* **Task objective**:
Would you transcribe the whole listing exactly and drop its images?

* **Data below**:
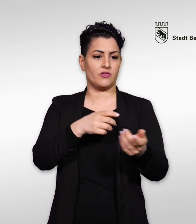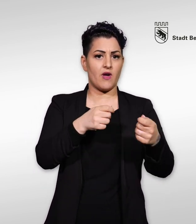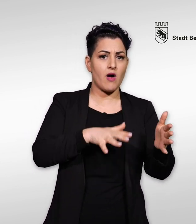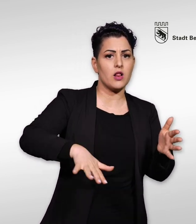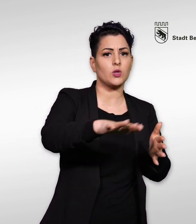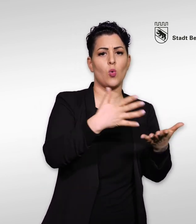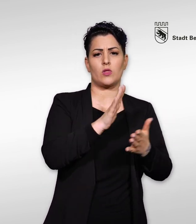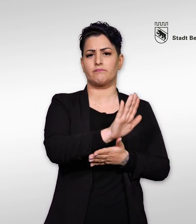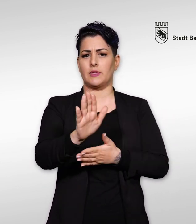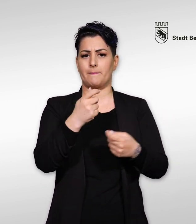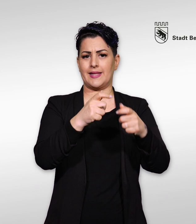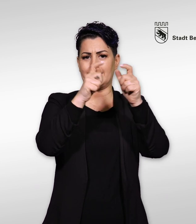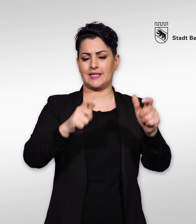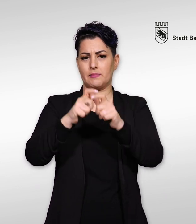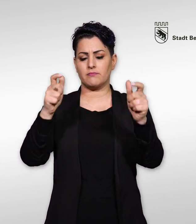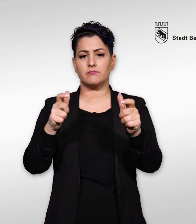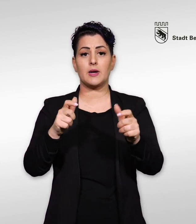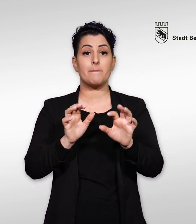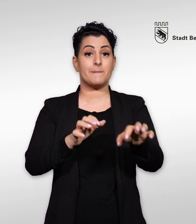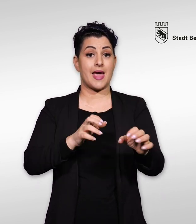oder Ihren Betrieben Bernmobil und EWB.
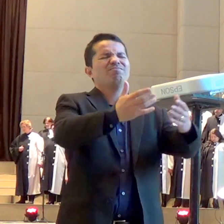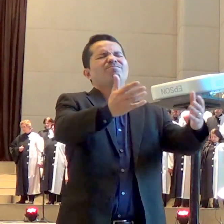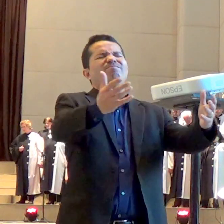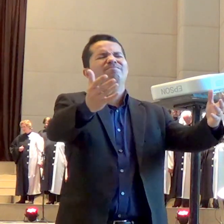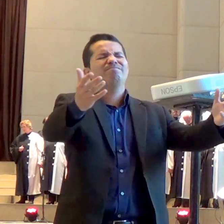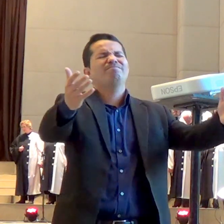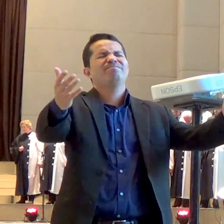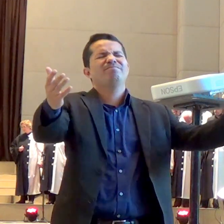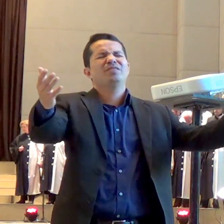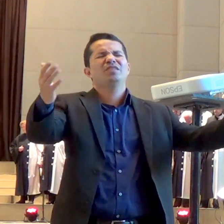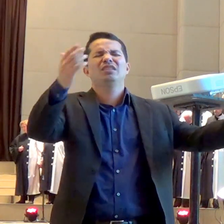clamando
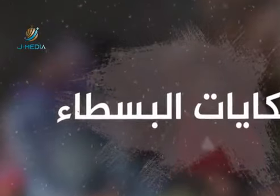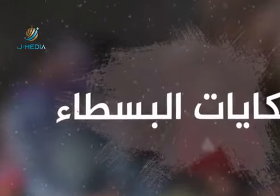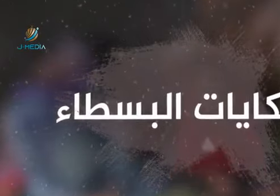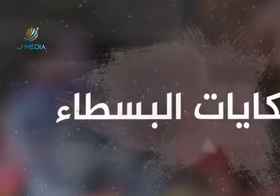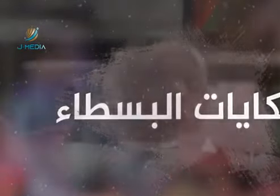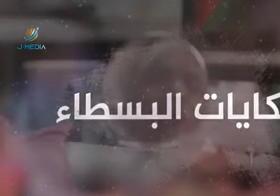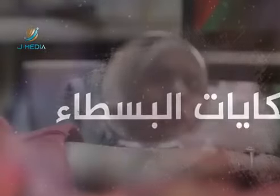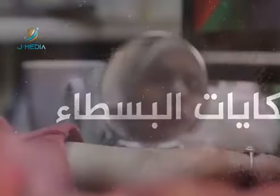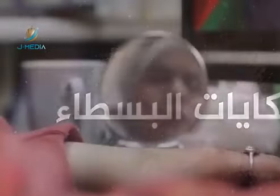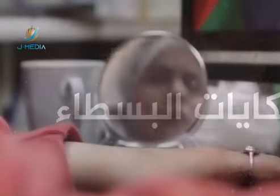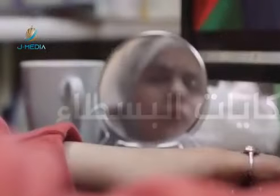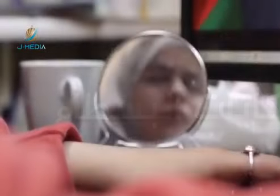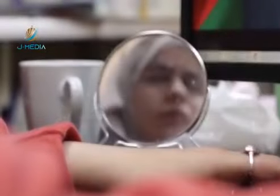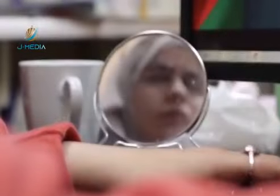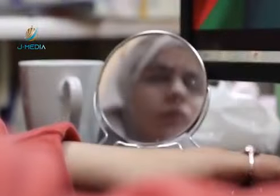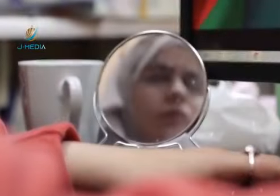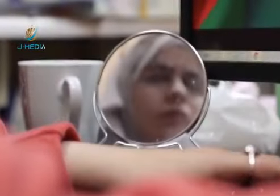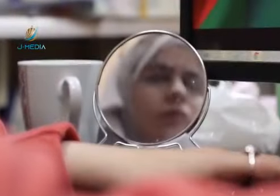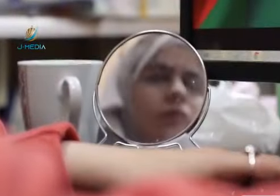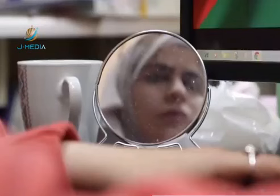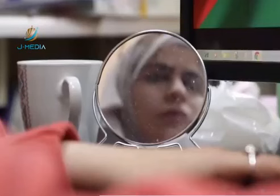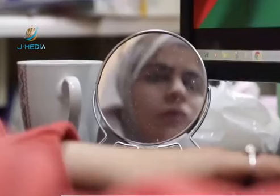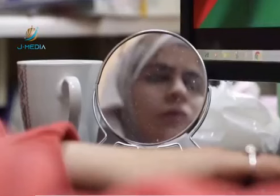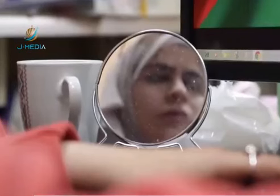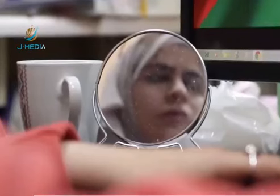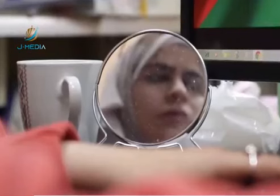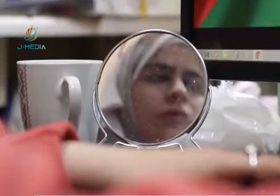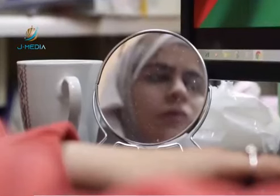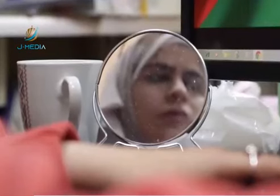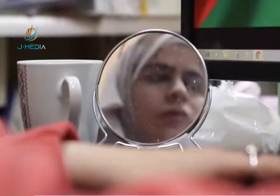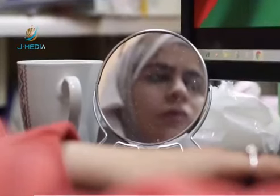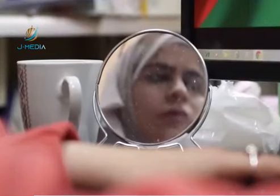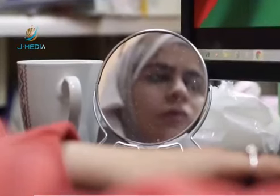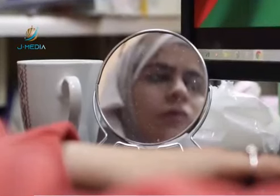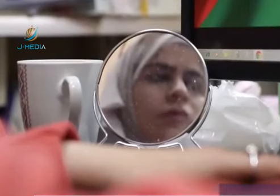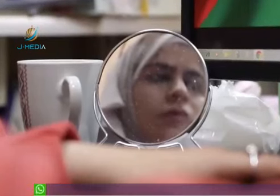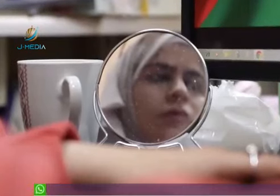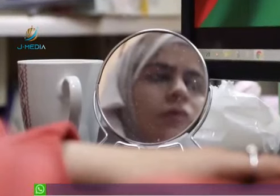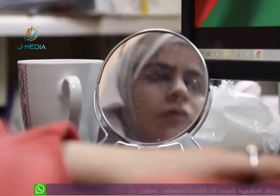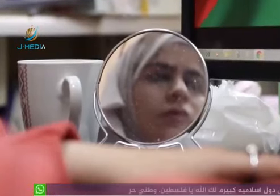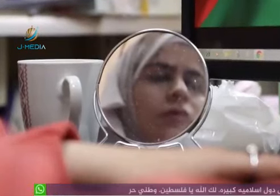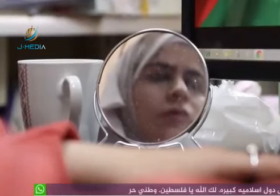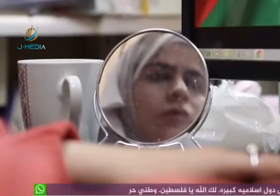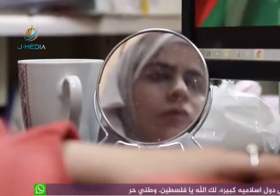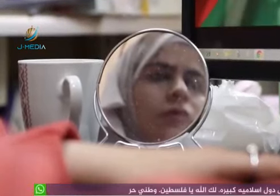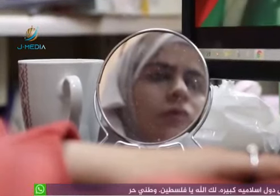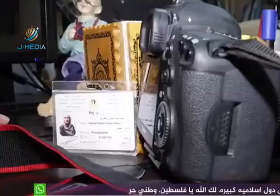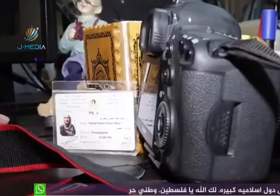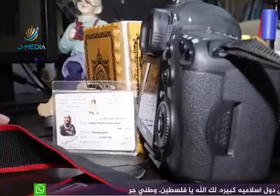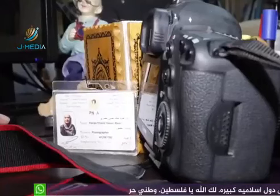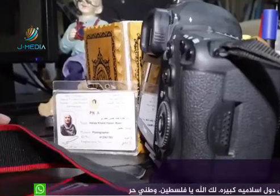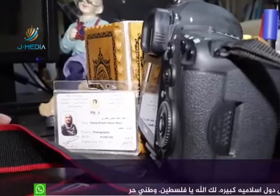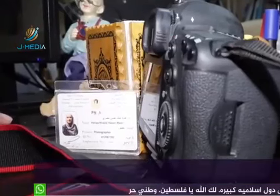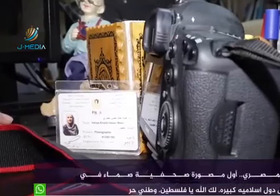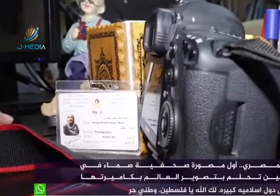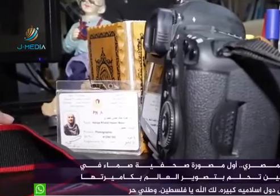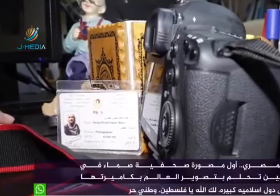ب13 سنة أو أقل كنت بدورة طبعا مع أخوي حسن
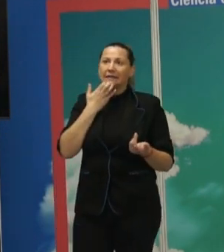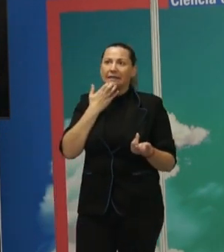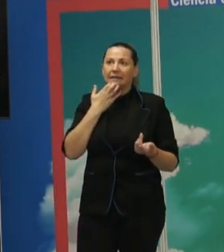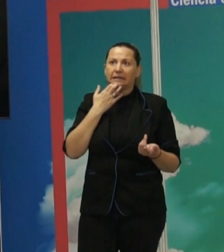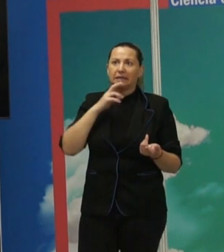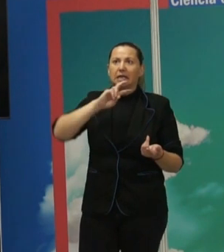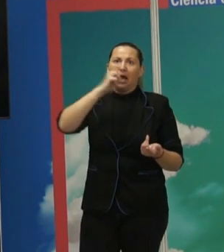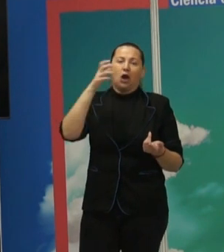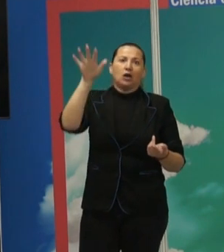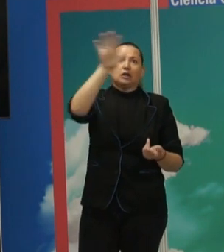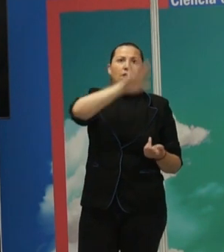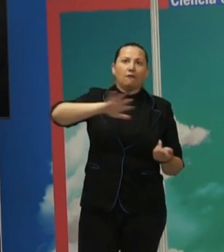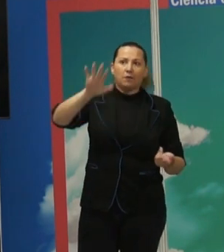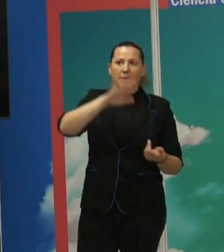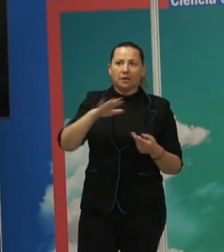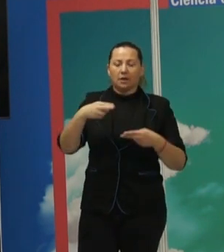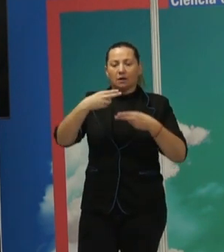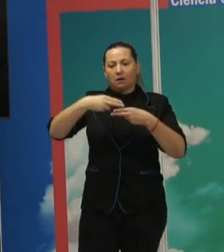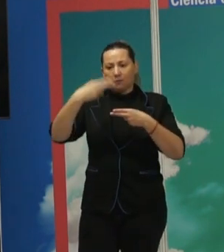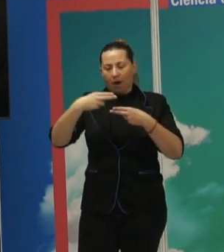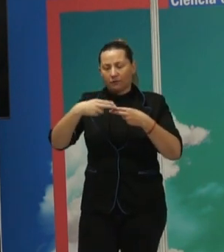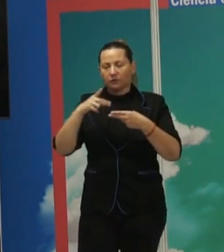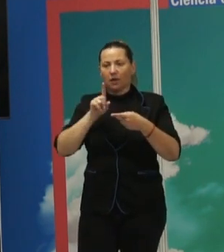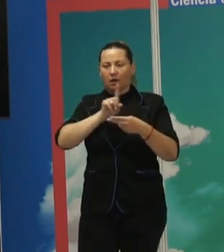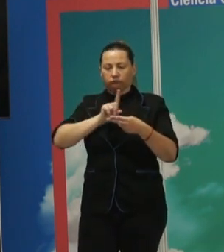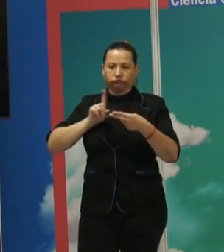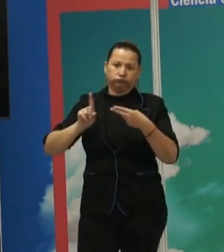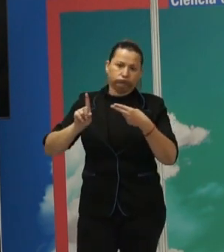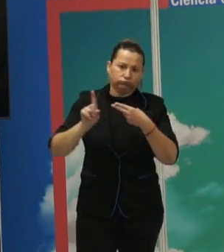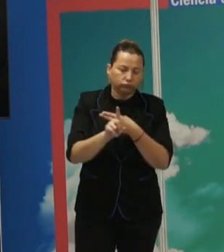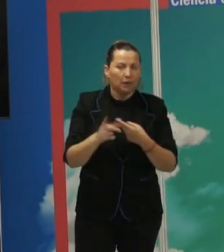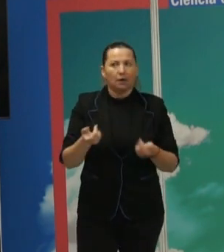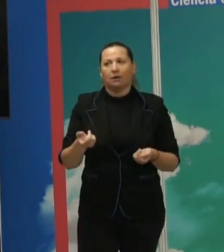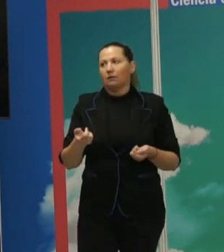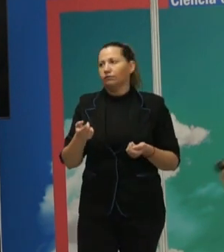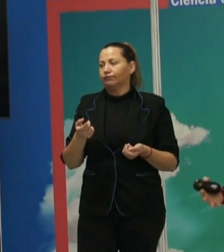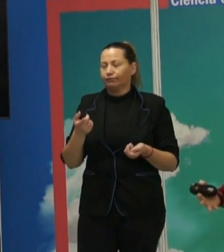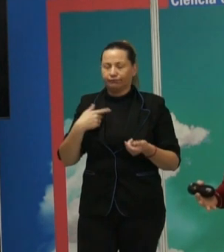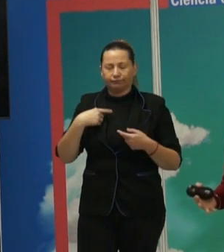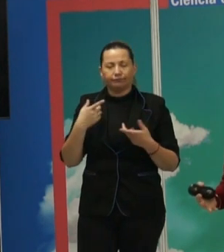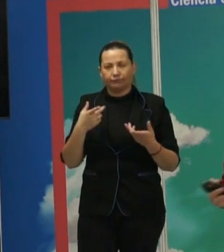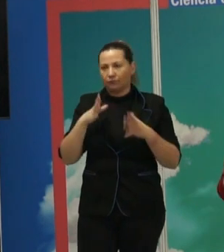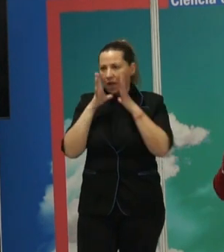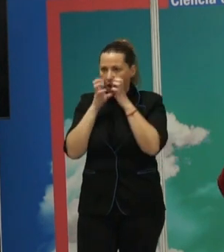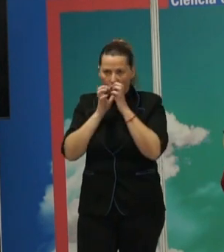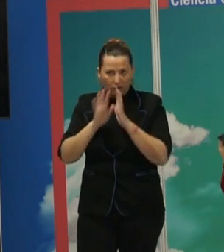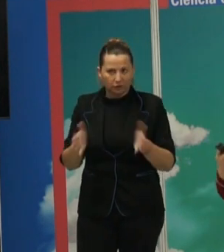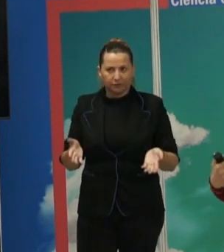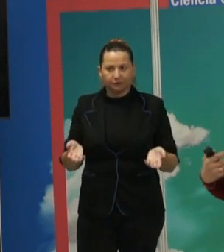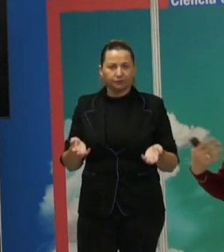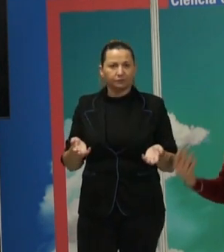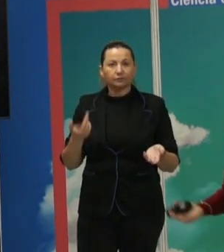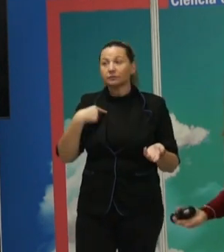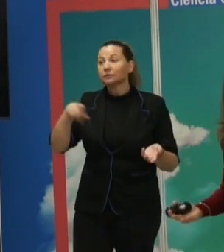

* **Result**:
oder Ihren Betrieben Bernmobil und EWB.
clamando
ب13 سنة أو أقل كنت بدورة طبعا مع أخوي حسن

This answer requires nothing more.